The channel would still be available using a standard digital antenna for free or via subscriptions via other cable or satellite systems such as Xfinity, Spectrum or DirecTV/U-Verse.
As is typical in these situations, each side blames the other for intransigence.
Lyle Banks, general manager for CBS46, released this statement Friday:
“WGCL-TV has been trying for months to get DISH Network to negotiate seriously. Reaching a deal and preventing a blackout is our top priority. We know the vital local news, emergency information, and top-rated sports and entertainment programming we provide are important to DISH’s customers, and we hope DISH will make it a priority to reach a deal too. If you are a DISH customer, you can help by calling DISH and telling them you want WGCL-TV.”
Dish released this countervailing viewpoint, noting that “the broadcaster controls consent for its channels and thus it is the broadcaster that controls if customers get blacked out.”

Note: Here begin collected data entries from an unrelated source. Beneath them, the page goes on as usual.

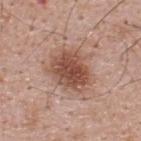workup=imaged on a skin check; not biopsied | acquisition=total-body-photography crop, ~15 mm field of view | illumination=white-light | site=the upper back | automated metrics=roughly 13 lightness units darker than nearby skin; a border-irregularity rating of about 1.5/10, internal color variation of about 5 on a 0–10 scale, and radial color variation of about 1.5 | subject=male, approximately 40 years of age | lesion diameter=about 5 mm.
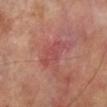A 15 mm crop from a total-body photograph taken for skin-cancer surveillance. Captured under cross-polarized illumination. From the left lower leg. An algorithmic analysis of the crop reported an average lesion color of about L≈47 a*≈29 b*≈24 (CIELAB), roughly 6 lightness units darker than nearby skin, and a normalized lesion–skin contrast near 4.5. A male subject, aged 68–72. The recorded lesion diameter is about 4.5 mm.
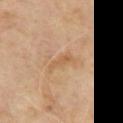{"biopsy_status": "not biopsied; imaged during a skin examination", "lesion_size": {"long_diameter_mm_approx": 3.0}, "image": {"source": "total-body photography crop", "field_of_view_mm": 15}, "patient": {"sex": "male", "age_approx": 70}, "automated_metrics": {"cielab_L": 57, "cielab_a": 19, "cielab_b": 36, "vs_skin_contrast_norm": 5.5, "nevus_likeness_0_100": 0, "lesion_detection_confidence_0_100": 100}, "lighting": "cross-polarized", "site": "chest"}
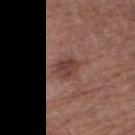<lesion>
<biopsy_status>not biopsied; imaged during a skin examination</biopsy_status>
</lesion>
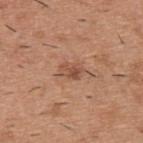Findings:
* follow-up · catalogued during a skin exam; not biopsied
* tile lighting · white-light
* location · the upper back
* automated metrics · an area of roughly 4.5 mm², an outline eccentricity of about 0.75 (0 = round, 1 = elongated), and two-axis asymmetry of about 0.2; a mean CIELAB color near L≈51 a*≈23 b*≈30, about 9 CIELAB-L* units darker than the surrounding skin, and a normalized lesion–skin contrast near 6.5; a color-variation rating of about 4/10 and a peripheral color-asymmetry measure near 1.5; lesion-presence confidence of about 100/100
* patient · male, roughly 40 years of age
* image · total-body-photography crop, ~15 mm field of view
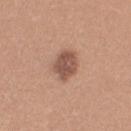Image and clinical context: The lesion's longest dimension is about 4 mm. The lesion is located on the arm. Captured under white-light illumination. A female subject, about 20 years old. This image is a 15 mm lesion crop taken from a total-body photograph.
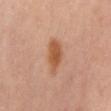Q: Who is the patient?
A: female, in their 50s
Q: What lighting was used for the tile?
A: cross-polarized
Q: Where on the body is the lesion?
A: the mid back
Q: What is the lesion's diameter?
A: ≈5 mm
Q: What is the imaging modality?
A: ~15 mm crop, total-body skin-cancer survey
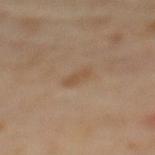Clinical impression:
This lesion was catalogued during total-body skin photography and was not selected for biopsy.
Background:
Automated tile analysis of the lesion measured an area of roughly 3 mm², an outline eccentricity of about 0.9 (0 = round, 1 = elongated), and two-axis asymmetry of about 0.2. The software also gave border irregularity of about 2.5 on a 0–10 scale, internal color variation of about 0 on a 0–10 scale, and peripheral color asymmetry of about 0. A female patient in their 60s. This is a cross-polarized tile. From the upper back. Longest diameter approximately 3 mm. A roughly 15 mm field-of-view crop from a total-body skin photograph.
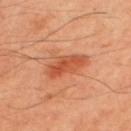Notes:
• notes — catalogued during a skin exam; not biopsied
• automated lesion analysis — a footprint of about 9 mm², an eccentricity of roughly 0.85, and two-axis asymmetry of about 0.25; a border-irregularity index near 3.5/10
• lighting — cross-polarized
• anatomic site — the back
• patient — male, aged 48 to 52
• image source — ~15 mm crop, total-body skin-cancer survey
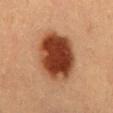Case summary:
– notes — no biopsy performed (imaged during a skin exam)
– lesion size — ≈7 mm
– imaging modality — ~15 mm crop, total-body skin-cancer survey
– automated lesion analysis — a mean CIELAB color near L≈36 a*≈24 b*≈30, a lesion–skin lightness drop of about 18, and a normalized border contrast of about 14; a classifier nevus-likeness of about 100/100 and a lesion-detection confidence of about 100/100
– illumination — cross-polarized illumination
– anatomic site — the mid back
– subject — male, about 55 years old
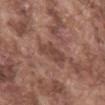biopsy status: no biopsy performed (imaged during a skin exam); lesion diameter: ~4 mm (longest diameter); illumination: white-light; image: total-body-photography crop, ~15 mm field of view; subject: male, in their mid- to late 70s; site: the mid back.
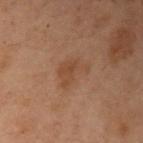Impression: The lesion was photographed on a routine skin check and not biopsied; there is no pathology result. Context: A female subject aged 53 to 57. The tile uses cross-polarized illumination. Measured at roughly 4 mm in maximum diameter. A region of skin cropped from a whole-body photographic capture, roughly 15 mm wide. The lesion is on the left arm.
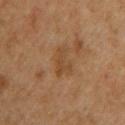A 15 mm close-up tile from a total-body photography series done for melanoma screening.
This is a cross-polarized tile.
The patient is a male about 60 years old.
Located on the upper back.
Approximately 4 mm at its widest.
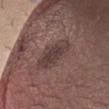<record>
<biopsy_status>not biopsied; imaged during a skin examination</biopsy_status>
</record>
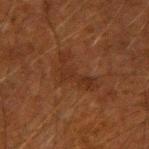Recorded during total-body skin imaging; not selected for excision or biopsy. About 5 mm across. A male subject roughly 50 years of age. On the right upper arm. Cropped from a whole-body photographic skin survey; the tile spans about 15 mm.
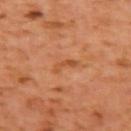Q: Was this lesion biopsied?
A: total-body-photography surveillance lesion; no biopsy
Q: Patient demographics?
A: male, about 60 years old
Q: How was this image acquired?
A: 15 mm crop, total-body photography
Q: Where on the body is the lesion?
A: the left upper arm
Q: What is the lesion's diameter?
A: ~3 mm (longest diameter)
Q: How was the tile lit?
A: cross-polarized
Q: What did automated image analysis measure?
A: an area of roughly 3 mm², an eccentricity of roughly 0.9, and a symmetry-axis asymmetry near 0.5; about 7 CIELAB-L* units darker than the surrounding skin; a within-lesion color-variation index near 0/10 and radial color variation of about 0; an automated nevus-likeness rating near 0 out of 100 and lesion-presence confidence of about 100/100
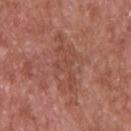No biopsy was performed on this lesion — it was imaged during a full skin examination and was not determined to be concerning. Cropped from a total-body skin-imaging series; the visible field is about 15 mm. Measured at roughly 6.5 mm in maximum diameter. Captured under white-light illumination. The lesion is on the left upper arm. Automated tile analysis of the lesion measured a lesion area of about 13 mm², a shape eccentricity near 0.9, and a shape-asymmetry score of about 0.4 (0 = symmetric). The software also gave a mean CIELAB color near L≈47 a*≈24 b*≈28, a lesion–skin lightness drop of about 6, and a normalized lesion–skin contrast near 4.5. The software also gave a border-irregularity index near 7/10, a color-variation rating of about 3/10, and peripheral color asymmetry of about 1. The analysis additionally found a classifier nevus-likeness of about 0/100 and a detector confidence of about 85 out of 100 that the crop contains a lesion. A male subject, in their mid- to late 60s.
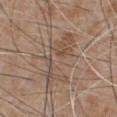Imaged during a routine full-body skin examination; the lesion was not biopsied and no histopathology is available.
A male patient approximately 65 years of age.
An algorithmic analysis of the crop reported a lesion area of about 19 mm², an outline eccentricity of about 0.85 (0 = round, 1 = elongated), and a shape-asymmetry score of about 0.45 (0 = symmetric). It also reported a border-irregularity rating of about 8/10, a within-lesion color-variation index near 5.5/10, and radial color variation of about 2. And it measured an automated nevus-likeness rating near 0 out of 100 and lesion-presence confidence of about 90/100.
Measured at roughly 7 mm in maximum diameter.
Cropped from a total-body skin-imaging series; the visible field is about 15 mm.
The lesion is on the chest.
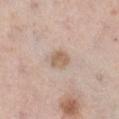Q: Is there a histopathology result?
A: catalogued during a skin exam; not biopsied
Q: Illumination type?
A: white-light
Q: What are the patient's age and sex?
A: female, in their mid-60s
Q: Lesion location?
A: the right lower leg
Q: What kind of image is this?
A: 15 mm crop, total-body photography
Q: What did automated image analysis measure?
A: an outline eccentricity of about 0.6 (0 = round, 1 = elongated) and two-axis asymmetry of about 0.15; a classifier nevus-likeness of about 30/100 and a detector confidence of about 100 out of 100 that the crop contains a lesion
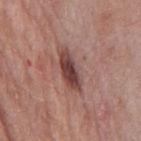notes=no biopsy performed (imaged during a skin exam)
location=the chest
image=total-body-photography crop, ~15 mm field of view
image-analysis metrics=a classifier nevus-likeness of about 15/100 and a detector confidence of about 100 out of 100 that the crop contains a lesion
subject=male, aged around 55
tile lighting=white-light illumination
size=~5.5 mm (longest diameter)
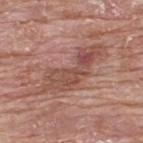Case summary:
• biopsy status · imaged on a skin check; not biopsied
• site · the upper back
• tile lighting · white-light illumination
• image source · ~15 mm crop, total-body skin-cancer survey
• patient · male, aged 63 to 67
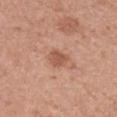workup — no biopsy performed (imaged during a skin exam) | tile lighting — white-light | acquisition — ~15 mm tile from a whole-body skin photo | diameter — ~2.5 mm (longest diameter) | patient — female, in their mid- to late 30s | body site — the left forearm | automated lesion analysis — a lesion area of about 4.5 mm², an eccentricity of roughly 0.45, and a symmetry-axis asymmetry near 0.2; a mean CIELAB color near L≈55 a*≈24 b*≈31, about 10 CIELAB-L* units darker than the surrounding skin, and a lesion-to-skin contrast of about 7 (normalized; higher = more distinct).
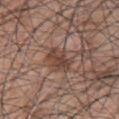<record>
<biopsy_status>not biopsied; imaged during a skin examination</biopsy_status>
</record>
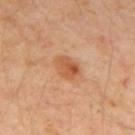Notes:
– biopsy status — total-body-photography surveillance lesion; no biopsy
– acquisition — total-body-photography crop, ~15 mm field of view
– anatomic site — the mid back
– lesion size — about 3 mm
– patient — male, about 55 years old
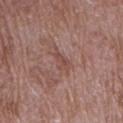Q: Was this lesion biopsied?
A: imaged on a skin check; not biopsied
Q: Illumination type?
A: white-light illumination
Q: How was this image acquired?
A: ~15 mm tile from a whole-body skin photo
Q: Automated lesion metrics?
A: a border-irregularity index near 4/10, a within-lesion color-variation index near 2/10, and a peripheral color-asymmetry measure near 1; a classifier nevus-likeness of about 0/100 and a lesion-detection confidence of about 70/100
Q: Where on the body is the lesion?
A: the right upper arm
Q: Who is the patient?
A: female, approximately 70 years of age
Q: How large is the lesion?
A: ~3 mm (longest diameter)
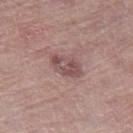Clinical impression: The lesion was photographed on a routine skin check and not biopsied; there is no pathology result. Acquisition and patient details: About 4 mm across. A close-up tile cropped from a whole-body skin photograph, about 15 mm across. A male patient, in their mid- to late 60s. This is a white-light tile. The lesion is on the right thigh.
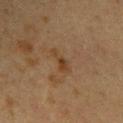Case summary:
– notes — imaged on a skin check; not biopsied
– subject — female, about 40 years old
– diameter — ~3.5 mm (longest diameter)
– acquisition — total-body-photography crop, ~15 mm field of view
– anatomic site — the right upper arm
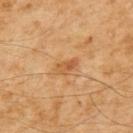biopsy status: imaged on a skin check; not biopsied | size: about 3 mm | imaging modality: total-body-photography crop, ~15 mm field of view | anatomic site: the upper back | image-analysis metrics: an outline eccentricity of about 0.85 (0 = round, 1 = elongated); a lesion color around L≈51 a*≈22 b*≈38 in CIELAB, a lesion–skin lightness drop of about 8, and a lesion-to-skin contrast of about 6 (normalized; higher = more distinct); a classifier nevus-likeness of about 5/100 and a detector confidence of about 100 out of 100 that the crop contains a lesion | tile lighting: cross-polarized | subject: male, aged around 60.
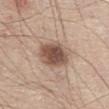biopsy status = catalogued during a skin exam; not biopsied
size = about 5 mm
subject = male, roughly 80 years of age
body site = the abdomen
imaging modality = total-body-photography crop, ~15 mm field of view
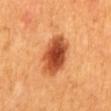<case>
<biopsy_status>not biopsied; imaged during a skin examination</biopsy_status>
<patient>
  <sex>male</sex>
</patient>
<image>
  <source>total-body photography crop</source>
  <field_of_view_mm>15</field_of_view_mm>
</image>
<lesion_size>
  <long_diameter_mm_approx>5.5</long_diameter_mm_approx>
</lesion_size>
<site>mid back</site>
<lighting>cross-polarized</lighting>
</case>
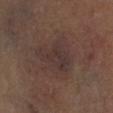The lesion was tiled from a total-body skin photograph and was not biopsied.
Cropped from a whole-body photographic skin survey; the tile spans about 15 mm.
Automated image analysis of the tile measured a footprint of about 11 mm², an eccentricity of roughly 0.75, and two-axis asymmetry of about 0.4. It also reported an average lesion color of about L≈33 a*≈15 b*≈18 (CIELAB), about 5 CIELAB-L* units darker than the surrounding skin, and a lesion-to-skin contrast of about 6 (normalized; higher = more distinct).
The subject is female.
From the left lower leg.
Imaged with cross-polarized lighting.
Longest diameter approximately 5 mm.
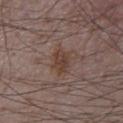The lesion was photographed on a routine skin check and not biopsied; there is no pathology result. A roughly 15 mm field-of-view crop from a total-body skin photograph. The lesion-visualizer software estimated an area of roughly 5 mm², an outline eccentricity of about 0.8 (0 = round, 1 = elongated), and two-axis asymmetry of about 0.25. The software also gave an average lesion color of about L≈40 a*≈17 b*≈23 (CIELAB), about 8 CIELAB-L* units darker than the surrounding skin, and a normalized lesion–skin contrast near 7.5. The analysis additionally found border irregularity of about 2.5 on a 0–10 scale, internal color variation of about 3 on a 0–10 scale, and radial color variation of about 1. The software also gave an automated nevus-likeness rating near 25 out of 100. The lesion is on the chest. The recorded lesion diameter is about 3 mm. Captured under white-light illumination. A male patient, in their mid- to late 70s.
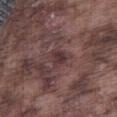The lesion was tiled from a total-body skin photograph and was not biopsied.
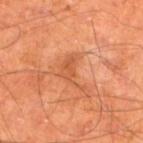{"biopsy_status": "not biopsied; imaged during a skin examination", "patient": {"sex": "male", "age_approx": 65}, "automated_metrics": {"area_mm2_approx": 7.0, "eccentricity": 0.8, "shape_asymmetry": 0.65, "vs_skin_darker_L": 7.0, "border_irregularity_0_10": 8.0, "peripheral_color_asymmetry": 0.5}, "image": {"source": "total-body photography crop", "field_of_view_mm": 15}, "lighting": "cross-polarized", "site": "left lower leg", "lesion_size": {"long_diameter_mm_approx": 4.5}}
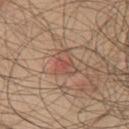Q: Was this lesion biopsied?
A: no biopsy performed (imaged during a skin exam)
Q: How was this image acquired?
A: total-body-photography crop, ~15 mm field of view
Q: What is the anatomic site?
A: the chest
Q: What lighting was used for the tile?
A: white-light illumination
Q: What is the lesion's diameter?
A: about 3.5 mm
Q: What did automated image analysis measure?
A: a lesion color around L≈52 a*≈22 b*≈28 in CIELAB and roughly 7 lightness units darker than nearby skin; a detector confidence of about 100 out of 100 that the crop contains a lesion
Q: Patient demographics?
A: male, approximately 45 years of age
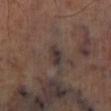Q: Is there a histopathology result?
A: no biopsy performed (imaged during a skin exam)
Q: Illumination type?
A: cross-polarized
Q: Automated lesion metrics?
A: an outline eccentricity of about 0.85 (0 = round, 1 = elongated) and two-axis asymmetry of about 0.2; border irregularity of about 2 on a 0–10 scale, internal color variation of about 2.5 on a 0–10 scale, and a peripheral color-asymmetry measure near 1; a detector confidence of about 60 out of 100 that the crop contains a lesion
Q: What is the lesion's diameter?
A: about 2.5 mm
Q: Lesion location?
A: the right lower leg
Q: How was this image acquired?
A: total-body-photography crop, ~15 mm field of view
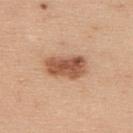biopsy status=catalogued during a skin exam; not biopsied
acquisition=total-body-photography crop, ~15 mm field of view
subject=male, roughly 35 years of age
location=the upper back
diameter=about 5 mm
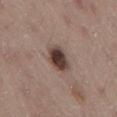This lesion was catalogued during total-body skin photography and was not selected for biopsy.
From the lower back.
Automated tile analysis of the lesion measured a footprint of about 7.5 mm², an eccentricity of roughly 0.65, and two-axis asymmetry of about 0.2. The software also gave internal color variation of about 5.5 on a 0–10 scale and radial color variation of about 1.5. The software also gave a classifier nevus-likeness of about 95/100 and lesion-presence confidence of about 100/100.
Approximately 3.5 mm at its widest.
A male patient aged around 55.
The tile uses white-light illumination.
A close-up tile cropped from a whole-body skin photograph, about 15 mm across.

“Even as more DISH customers turn to digital antennas for free access to their local channels, we recognize that many continue to rely on their pay-TV package to get these stations. For those customers, we are actively working to reach a fair deal before the contract expires knowing that only [WGCL owner] Meredith Corporation can choose to take their content away from DISH customers. DISH has successfully negotiated agreements representing hundreds of stations in recent months that benefit all parties, including our viewers. We are unsure why Meredith decided to involve customers in the contract negotiation process at a point when there is still time for the two parties to reach a mutually beneficial deal.”
Frequently, the two sides will quietly extend negotiations if they don’t work out by a deadline. Sometimes, it goes public like this one and they reach an agreement before a blackout occurs. Occasionally, a blackout does happen but typically it doesn’t last long.
In 2015, 11Alive’s owner Tegna had a similar dispute with Dish that led to a blackout that lasted less than 48 hours.